Trump’s Budget Cuts and Social Security Disability: Is “Fraud Suspicion” Underlying the Cuts?

On Behalf of | Jun 12, 2017 | Firm News

Budget Director Mick Mulvaney echoed the mantra of many conservative Republicans who suspect that folks who are Social Security Disability recipients are fraudulent. “If you are on disability insurance and you’re not supposed to be, you are not truly disabled, we need you to go back to work.” This conservative trope reflects, without any evidence to substantiate it, the same kind of misinformation about employee fraud that pervades perceptions of workers’ compensation fraud.

As I have often written about in the past, the public’s perception of injured individuals (whether collecting workers’ compensation or Social Security Disability benefits) is vastly overinflated. The statistics indicate only about one-sixth of one percent of injured workers in Wisconsin are fraudulent. That’s about 2 in 10,000.

The Trump administration budget proposed up to $64 billion in cuts to Social Security Disability Insurance expenditures, directly contradicting Trump’s campaign promises not to cut Social Security. The cuts stem mostly from new program rules and processes, and requirements for mandatory participation by program applicants to move disabled beneficiaries from SSDI to work.

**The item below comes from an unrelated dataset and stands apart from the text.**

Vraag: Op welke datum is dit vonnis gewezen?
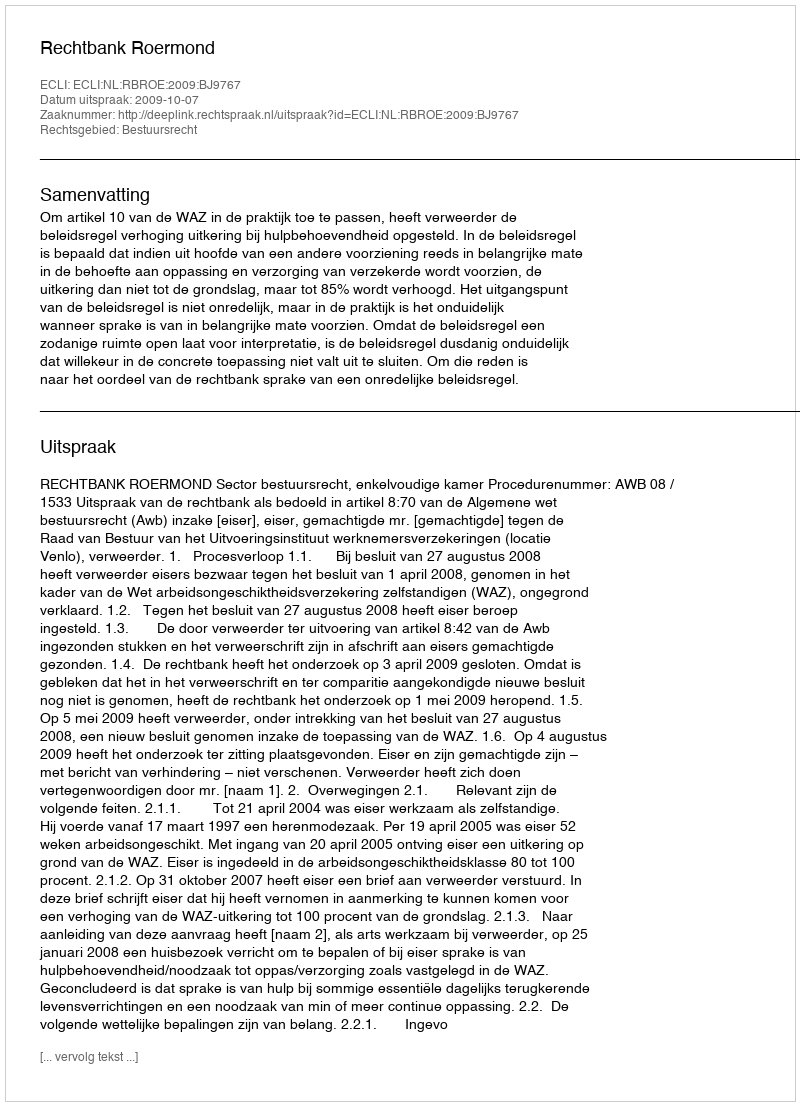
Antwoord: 2009-10-07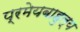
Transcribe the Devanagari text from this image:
प्रमेयबाहुल्य

While returning to work is always a laudable goal (for both workers’ compensation and Social Security Disability), the last eight times that budget proposals have initiated programs to promote return to work “none of the findings reported to date show they would likely lead to a substantial reduction in case load sizes.” http://www.researchondisability.org/docs/default-document-library/ssa-back-to-work-06-2012.pdf?sfvrsn=2

Through their contributions to Social Security, workers earn a measure of protection against disability retirement and death. (Disability insurance protects a worker against loss of earnings due to a significant work limiting impairment, and workers earn this protection by having worked and contributed to Social Security.) Many of my work-injured employees ultimately end up on Social Security Disability and this protection is particularly important to older Americans. Most people receiving Social Security Disability benefits are in their 50s or early 60s and most had only unskilled or semi-skilled jobs. Without a college degree, benefits are not significant (averaging about $1,200 per month). However, over half of Social Security beneficiaries rely on these benefits for 75% or more of their total income.

The proposed budget cuts to Social Security are another slap in the face to injured workers.